• _Assignment_
All entries are to be given again verbatim.

• _Dataset content_
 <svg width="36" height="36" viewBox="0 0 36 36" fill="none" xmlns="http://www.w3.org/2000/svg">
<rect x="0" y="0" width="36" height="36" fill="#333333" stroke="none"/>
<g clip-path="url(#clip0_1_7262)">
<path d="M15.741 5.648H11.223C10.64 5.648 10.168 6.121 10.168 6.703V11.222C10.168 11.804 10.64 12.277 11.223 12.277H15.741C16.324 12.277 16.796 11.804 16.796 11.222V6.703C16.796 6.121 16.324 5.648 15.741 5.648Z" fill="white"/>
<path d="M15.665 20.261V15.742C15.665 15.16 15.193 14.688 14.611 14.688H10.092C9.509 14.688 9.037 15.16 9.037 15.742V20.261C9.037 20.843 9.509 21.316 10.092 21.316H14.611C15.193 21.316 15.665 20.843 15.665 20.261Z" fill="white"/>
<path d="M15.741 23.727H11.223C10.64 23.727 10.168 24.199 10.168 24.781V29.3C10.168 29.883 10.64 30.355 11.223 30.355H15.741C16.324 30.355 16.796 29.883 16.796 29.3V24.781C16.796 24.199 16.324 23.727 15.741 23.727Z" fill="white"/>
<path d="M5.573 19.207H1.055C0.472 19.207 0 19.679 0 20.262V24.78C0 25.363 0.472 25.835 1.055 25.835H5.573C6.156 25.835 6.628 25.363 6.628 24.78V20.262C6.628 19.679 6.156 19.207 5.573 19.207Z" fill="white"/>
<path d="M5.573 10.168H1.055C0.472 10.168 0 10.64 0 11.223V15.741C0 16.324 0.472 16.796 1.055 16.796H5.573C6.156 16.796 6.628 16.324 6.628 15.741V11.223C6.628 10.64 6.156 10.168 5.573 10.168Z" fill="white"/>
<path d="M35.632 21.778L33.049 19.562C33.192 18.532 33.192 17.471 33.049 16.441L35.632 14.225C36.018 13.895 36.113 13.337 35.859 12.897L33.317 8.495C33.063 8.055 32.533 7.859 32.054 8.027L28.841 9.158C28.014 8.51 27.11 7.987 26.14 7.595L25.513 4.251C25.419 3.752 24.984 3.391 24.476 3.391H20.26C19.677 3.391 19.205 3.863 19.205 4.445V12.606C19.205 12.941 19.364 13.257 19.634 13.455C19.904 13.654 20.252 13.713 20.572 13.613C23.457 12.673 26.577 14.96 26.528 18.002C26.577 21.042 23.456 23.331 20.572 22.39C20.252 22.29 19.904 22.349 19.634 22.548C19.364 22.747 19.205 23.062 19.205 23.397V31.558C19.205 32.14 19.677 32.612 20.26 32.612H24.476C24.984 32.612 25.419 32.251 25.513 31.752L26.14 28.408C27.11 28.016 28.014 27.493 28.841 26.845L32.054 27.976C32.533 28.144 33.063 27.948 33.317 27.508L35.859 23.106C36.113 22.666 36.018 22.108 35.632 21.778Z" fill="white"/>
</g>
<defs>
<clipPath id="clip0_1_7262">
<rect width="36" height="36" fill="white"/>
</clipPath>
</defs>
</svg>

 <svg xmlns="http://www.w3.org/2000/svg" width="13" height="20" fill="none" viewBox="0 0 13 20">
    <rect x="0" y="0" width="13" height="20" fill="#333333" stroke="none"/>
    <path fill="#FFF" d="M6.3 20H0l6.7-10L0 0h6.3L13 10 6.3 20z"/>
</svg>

• _Written solution_
 <svg width="36" height="36" viewBox="0 0 36 36" fill="none" xmlns="http://www.w3.org/2000/svg">
<rect x="0" y="0" width="36" height="36" fill="#333333" stroke="none"/>
<g clip-path="url(#clip0_1_7262)">
<path d="M15.741 5.648H11.223C10.64 5.648 10.168 6.121 10.168 6.703V11.222C10.168 11.804 10.64 12.277 11.223 12.277H15.741C16.324 12.277 16.796 11.804 16.796 11.222V6.703C16.796 6.121 16.324 5.648 15.741 5.648Z" fill="white"/>
<path d="M15.665 20.261V15.742C15.665 15.16 15.193 14.688 14.611 14.688H10.092C9.509 14.688 9.037 15.16 9.037 15.742V20.261C9.037 20.843 9.509 21.316 10.092 21.316H14.611C15.193 21.316 15.665 20.843 15.665 20.261Z" fill="white"/>
<path d="M15.741 23.727H11.223C10.64 23.727 10.168 24.199 10.168 24.781V29.3C10.168 29.883 10.64 30.355 11.223 30.355H15.741C16.324 30.355 16.796 29.883 16.796 29.3V24.781C16.796 24.199 16.324 23.727 15.741 23.727Z" fill="white"/>
<path d="M5.573 19.207H1.055C0.472 19.207 0 19.679 0 20.262V24.78C0 25.363 0.472 25.835 1.055 25.835H5.573C6.156 25.835 6.628 25.363 6.628 24.78V20.262C6.628 19.679 6.156 19.207 5.573 19.207Z" fill="white"/>
<path d="M5.573 10.168H1.055C0.472 10.168 0 10.64 0 11.223V15.741C0 16.324 0.472 16.796 1.055 16.796H5.573C6.156 16.796 6.628 16.324 6.628 15.741V11.223C6.628 10.64 6.156 10.168 5.573 10.168Z" fill="white"/>
<path d="M35.632 21.778L33.049 19.562C33.192 18.532 33.192 17.471 33.049 16.441L35.632 14.225C36.018 13.895 36.113 13.337 35.859 12.897L33.317 8.495C33.063 8.055 32.533 7.859 32.054 8.027L28.841 9.158C28.014 8.51 27.11 7.987 26.14 7.595L25.513 4.251C25.419 3.752 24.984 3.391 24.476 3.391H20.26C19.677 3.391 19.205 3.863 19.205 4.445V12.606C19.205 12.941 19.364 13.257 19.634 13.455C19.904 13.654 20.252 13.713 20.572 13.613C23.457 12.673 26.577 14.96 26.528 18.002C26.577 21.042 23.456 23.331 20.572 22.39C20.252 22.29 19.904 22.349 19.634 22.548C19.364 22.747 19.205 23.062 19.205 23.397V31.558C19.205 32.14 19.677 32.612 20.26 32.612H24.476C24.984 32.612 25.419 32.251 25.513 31.752L26.14 28.408C27.11 28.016 28.014 27.493 28.841 26.845L32.054 27.976C32.533 28.144 33.063 27.948 33.317 27.508L35.859 23.106C36.113 22.666 36.018 22.108 35.632 21.778Z" fill="white"/>
</g>
<defs>
<clipPath id="clip0_1_7262">
<rect width="36" height="36" fill="white"/>
</clipPath>
</defs>
</svg>

 <svg xmlns="http://www.w3.org/2000/svg" width="13" height="20" fill="none" viewBox="0 0 13 20">
    <rect x="0" y="0" width="13" height="20" fill="#333333" stroke="none"/>
    <path fill="#FFF" d="M6.3 20H0l6.7-10L0 0h6.3L13 10 6.3 20z"/>
</svg>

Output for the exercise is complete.